You’re probably wondering why I’m sweating any of this, but what you don’t know is that the gay arrow is among the largest and most powerful in my quiver. American Idol is gay, High School Musical is gay, Dancing with the Stars is gay, and the new Ronald McDonald is gay squared. There is no synonym to the way I use “gay.” “Lame” doesn’t cut it. “Dumb” doesn’t cut it. There is a certain particular species of lame/dumb to all of those things that implies that not only do they suck, but that they do so in a Bettie Boop wig, tap-dancing around with their penises tucked back between their legs.
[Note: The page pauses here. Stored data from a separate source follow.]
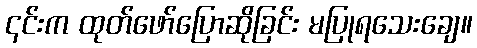
၎င်းက ထုတ်ဖော်ပြောဆိုခြင်း မပြုရသေးချေ။
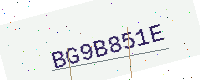
Text: BG9B851E
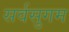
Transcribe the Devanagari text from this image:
सर्वसुगम
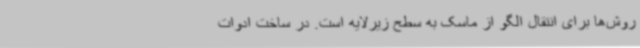
روش‌ها برای انتقال الگو از ماسک به سطح زیرلایه است. در ساخت ادوات
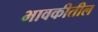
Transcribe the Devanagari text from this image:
भावकीतील
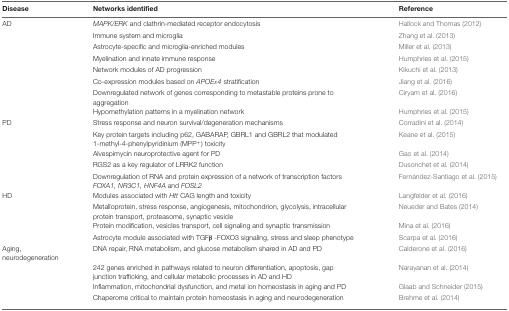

“What if I’m not meaning for it to imply homosexuality in any way?” I begged. “What if it’s just a homonym that is actually an entirely different word, like ‘road’ and ‘rode?’ ”

“But it’s g-a-y, right?” Nick asked.

“A homonym that’s spelled the same way, then. Or maybe it could be g-h-e-y.”

“Look,” he told me, “use it if you want, seriously. Like I said, it’s not a big deal to me. But it will offend some gays, yes.”

Great. That’s like one of my black friends saying, “Well… I guess you could somehow justify referring to that hairstyle as ‘niggery.’ “

I sighed. “Times really do change. It’s funny – it was only 35 years ago that Carly Simon was able to score a major hit with, ‘You’re So Gay.’ “

“I don’t think that’s right,” he said.

“Well, between thirty and forty years, anyway,” I said.

Honestly, I think it’s all kind of unfair. Homosexuals annexed that word without notice. Overnight, it went from referring to a state of happiness and joy to one of wanting to have sex with dudes. Like, Liberace was always so bubbly and happy. In days past, you could have said he was gay. But then all of that changed.

And all of this at the gayest time of year. Revelers are gay. Tidings are gay. Hell, it’s December 6th, so thirty or forty years back, this was all one big gay season. “How are you today, Ted?” a man would ask his neighbor. “Very gay, thank you!” the other would reply. “I’ve never been so gay, in fact! And you, Roger – you’re also looking mightily gay. How’s the family? Gay, I imagine?”

funny blogAs for us, we put up our Christmas tree today. While we were doing it, I made a point to think about how gay it was. I figured Nick wouldn’t mind. The true holiday spirit is one of universal gayness. This is the time of year that we can all be gay together as a people. We decorated; we hung tinsel; we listened to old music. If we wanted, we could even have roasted nuts over the fire.

I’m working on making peace with all of it. And Nick? He’s happy I’m trying.

“You should be my ambassador to the gay community,” I told him in the spirit of the gay holiday. “You know, help me sell some of my books across the rainbow border.”

“The cover art may need to change if you want me to do that,” he said, having seen the dog I placed on the cover of May Contain Nuts. “As it stands, your title implies an expectation that the book does not meet.”

I thought that was a funny thing to say, so I laughed and reveled in my holiday spirit of infinite gayness toward all mankind. I guess I can live without saying “that’s gay,” though I will indeed miss it. Perhaps I can find something less offensive, more universal.

But really, when you think about it, the whole situation is pretty retarded.